Entries shown:

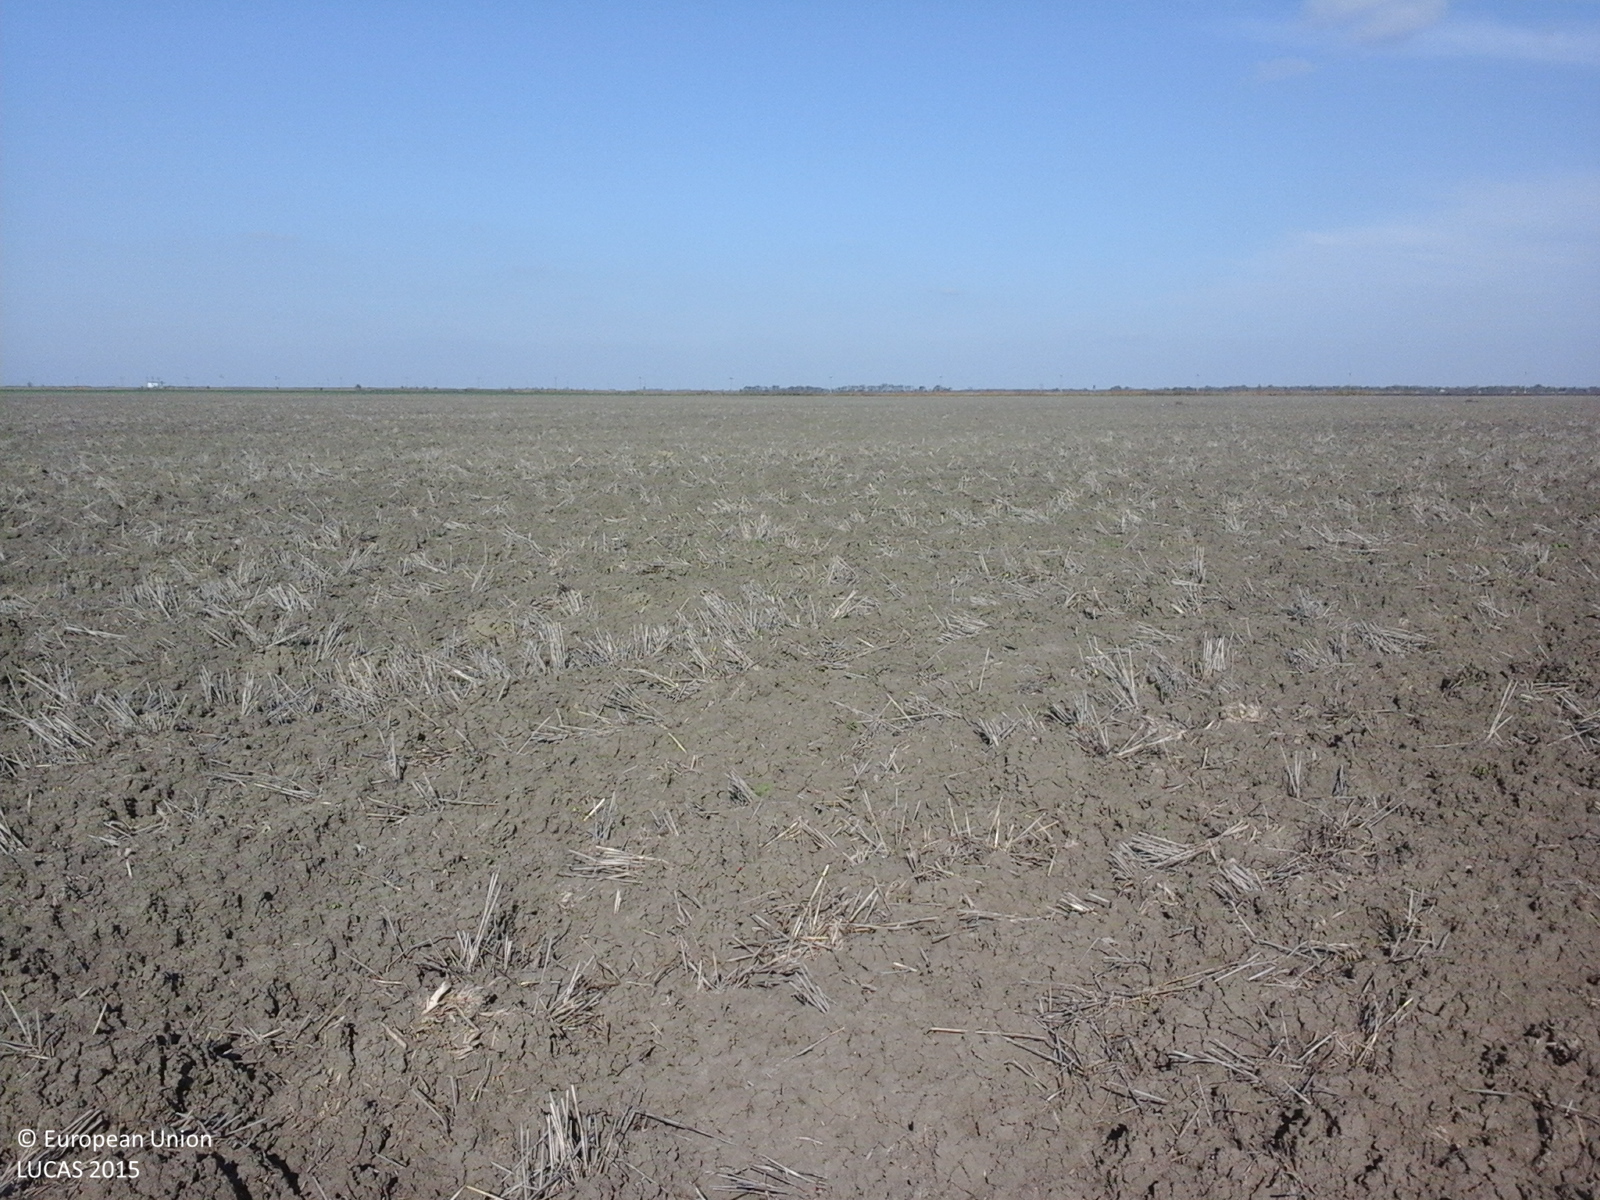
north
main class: Cropland
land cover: Durum wheat
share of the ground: > 75 %
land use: Agriculture (excluding fallow land and kitchen gardens)
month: October
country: RO
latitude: 45.4410
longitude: 27.4222
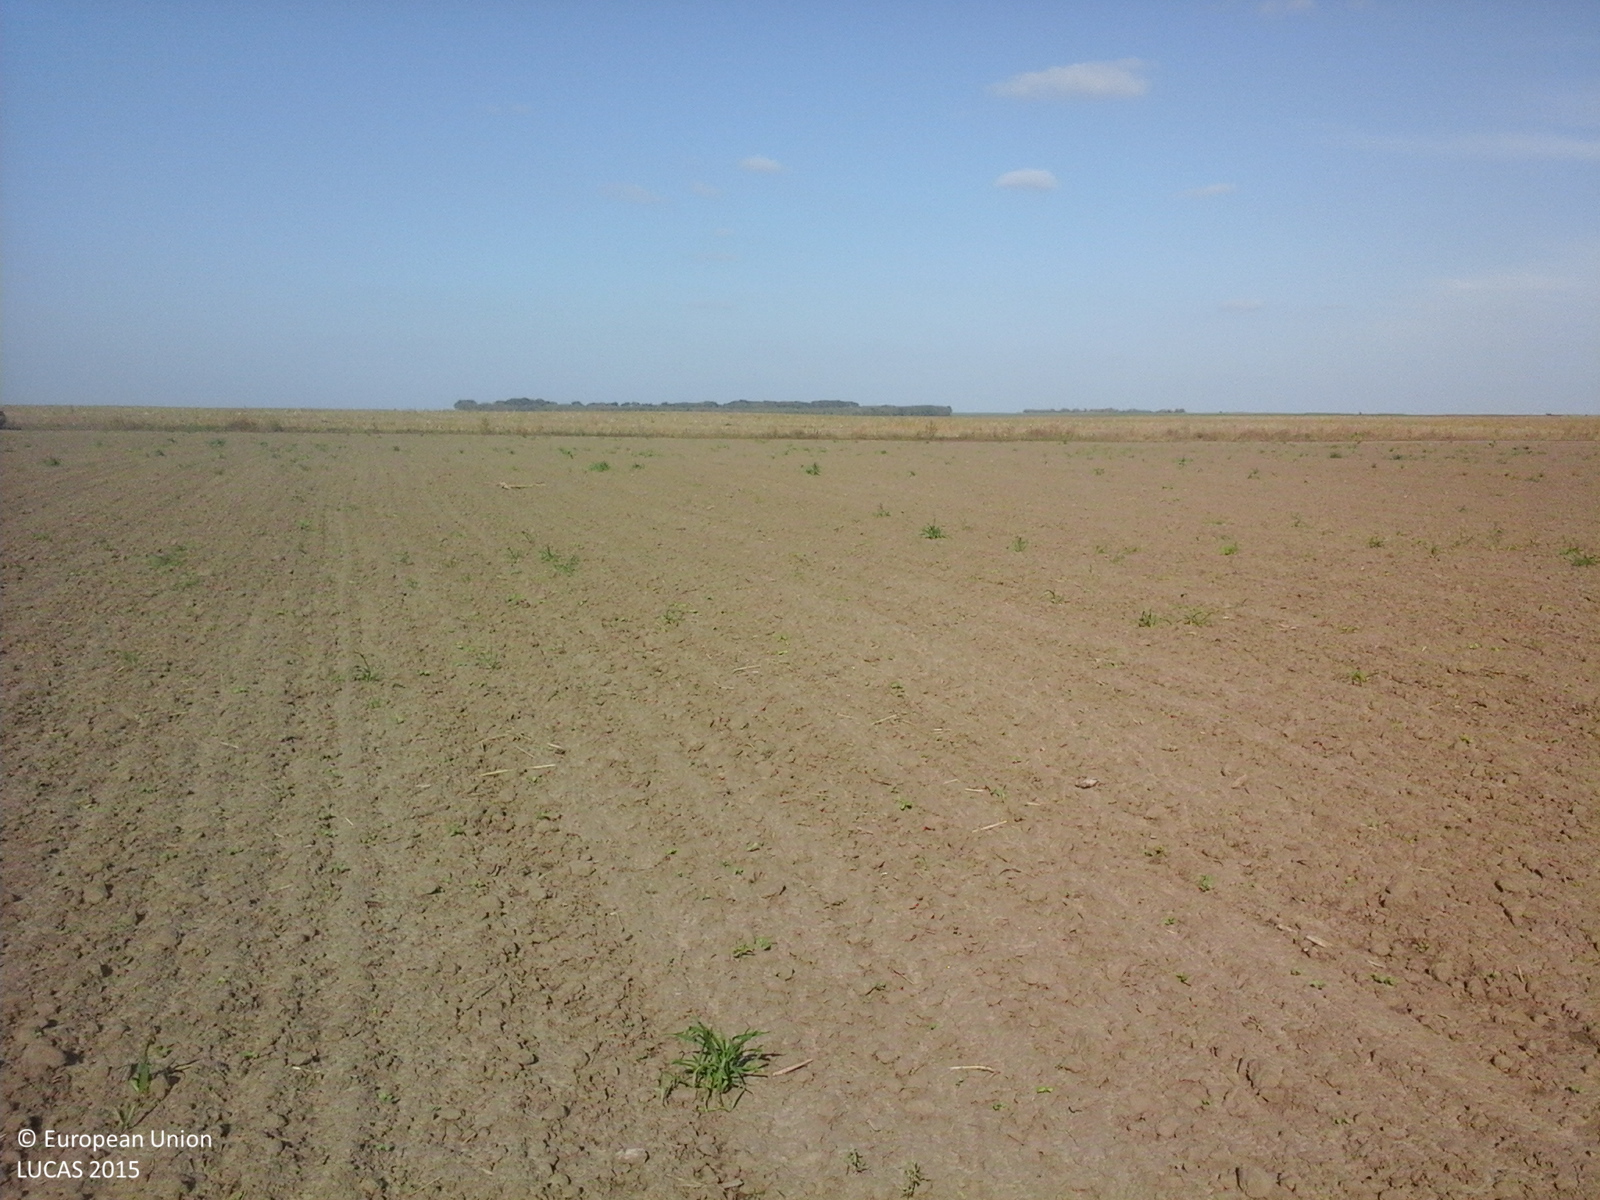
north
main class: Cropland
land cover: Maize
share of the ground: < 10 %
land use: Agriculture (excluding fallow land and kitchen gardens)
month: October
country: RO
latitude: 45.3362
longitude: 27.3883
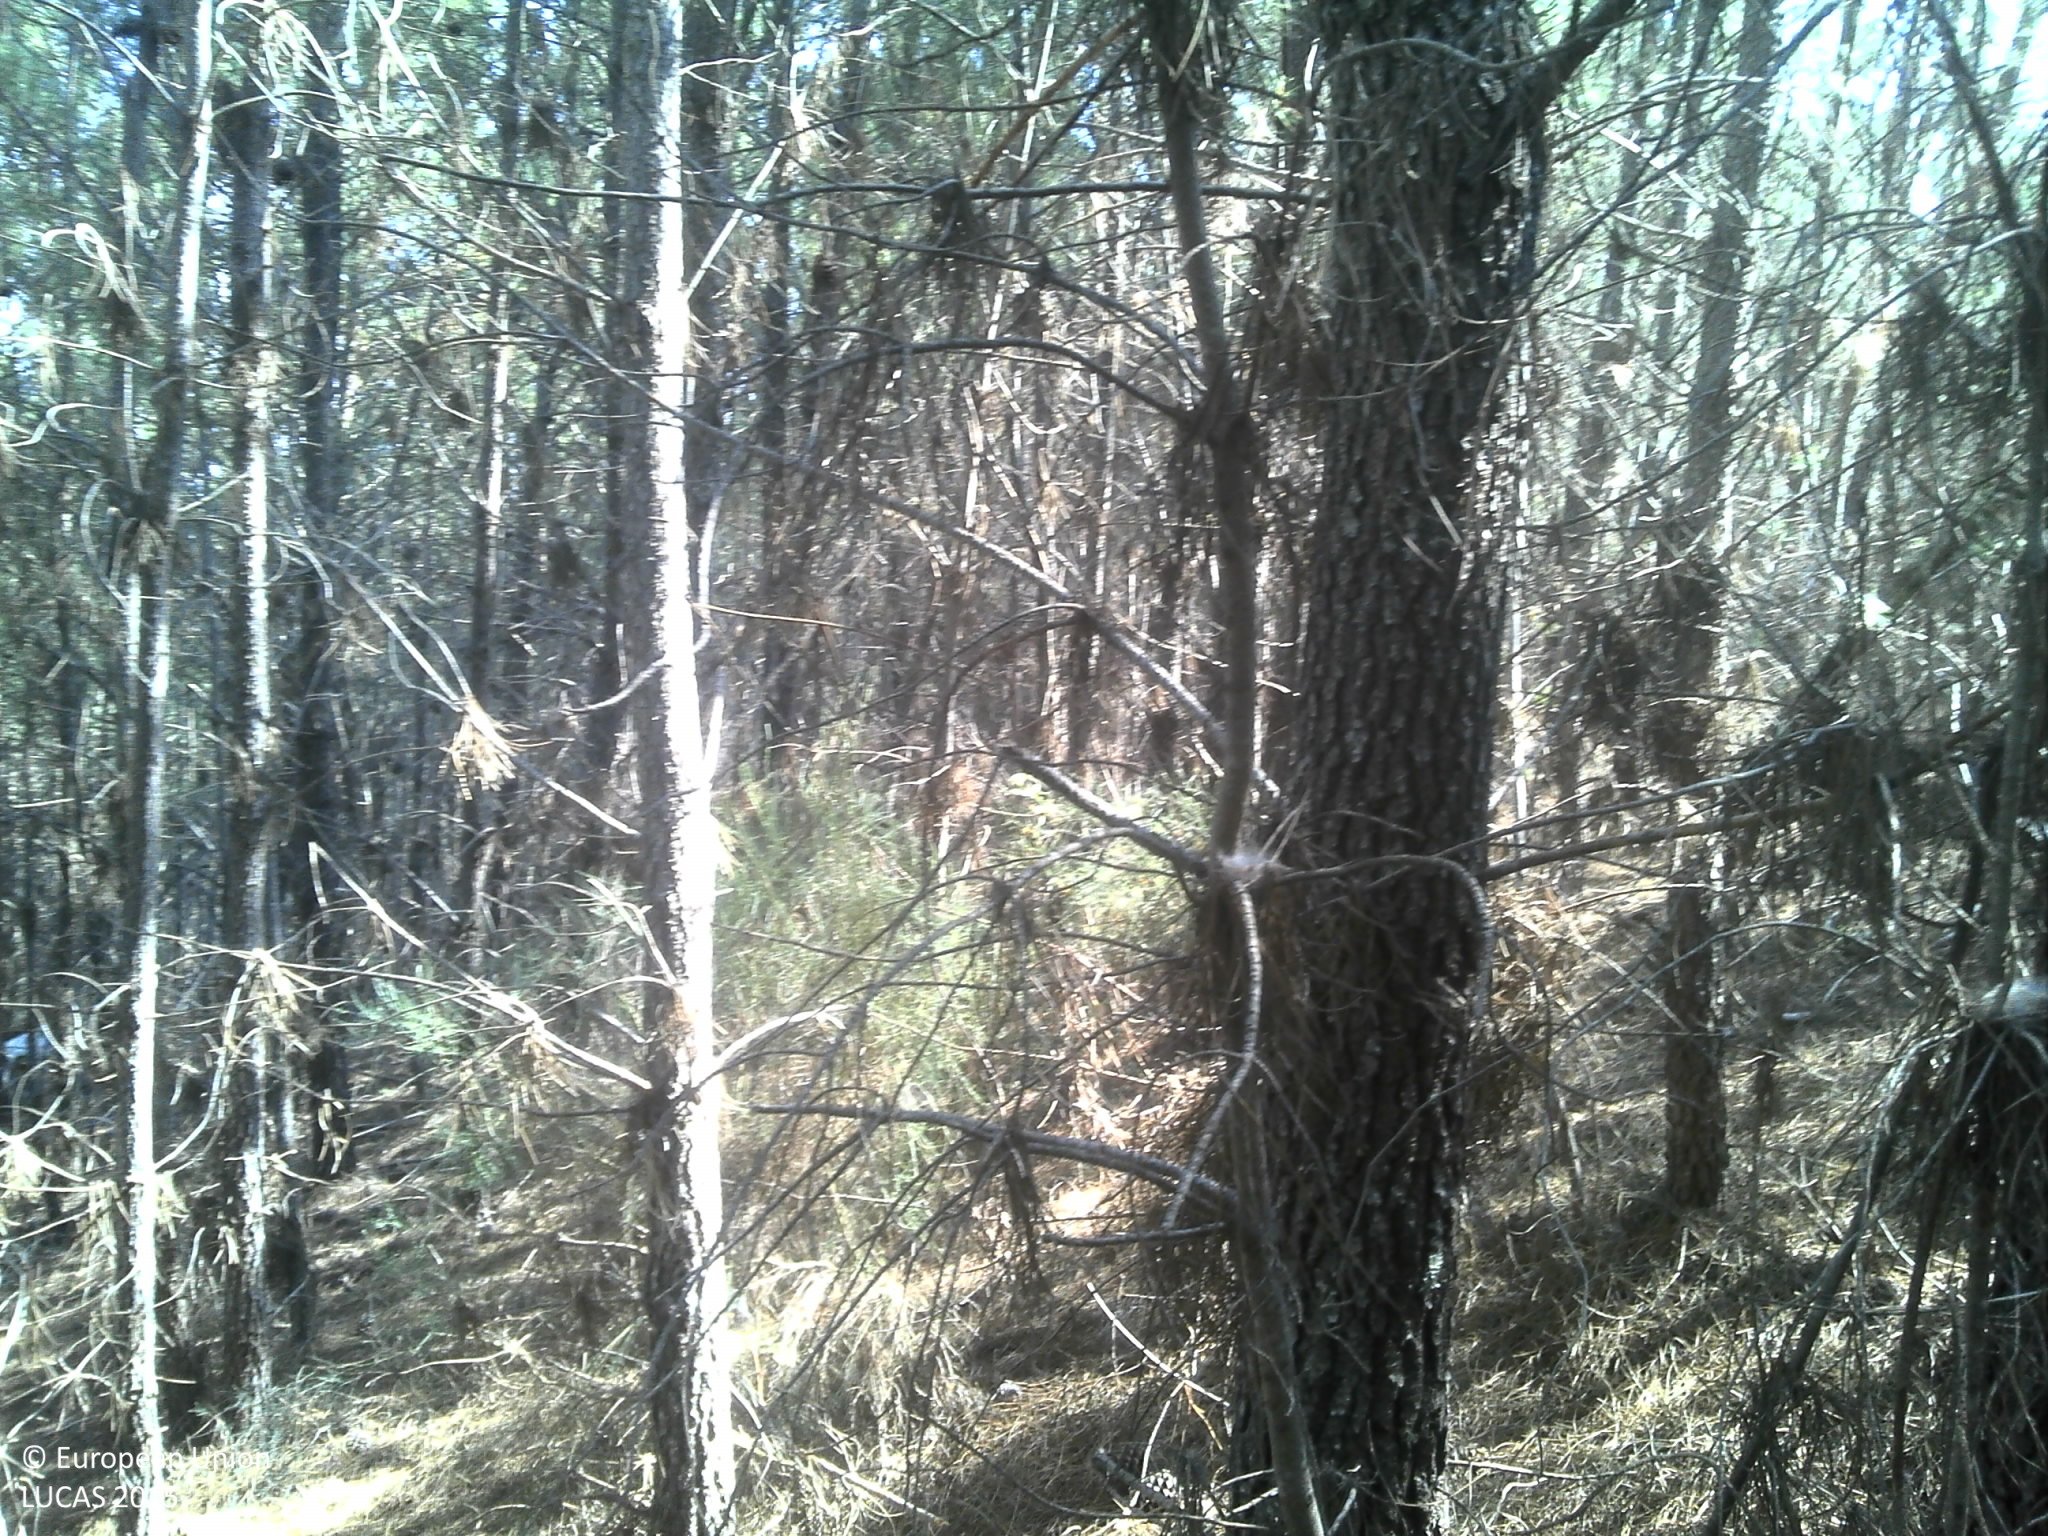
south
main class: Woodland
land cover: Pine dominated coniferous woodland
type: coniferous forest of the mediterranean region
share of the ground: > 75 %
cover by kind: coniferous forest trees 75 %, shrubs 15 %, unconsolidated bare surface 5 %
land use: Forestry
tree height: > 5 m
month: June
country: PT
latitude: 40.2987
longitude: -7.1218

To do: When the word "cover" appears in a line of the listing, copy that line.

Exercise output:
land cover: Durum wheat
land cover: Maize
land cover: Pine dominated coniferous woodland
cover by kind: coniferous forest trees 75 %, shrubs 15 %, unconsolidated bare surface 5 %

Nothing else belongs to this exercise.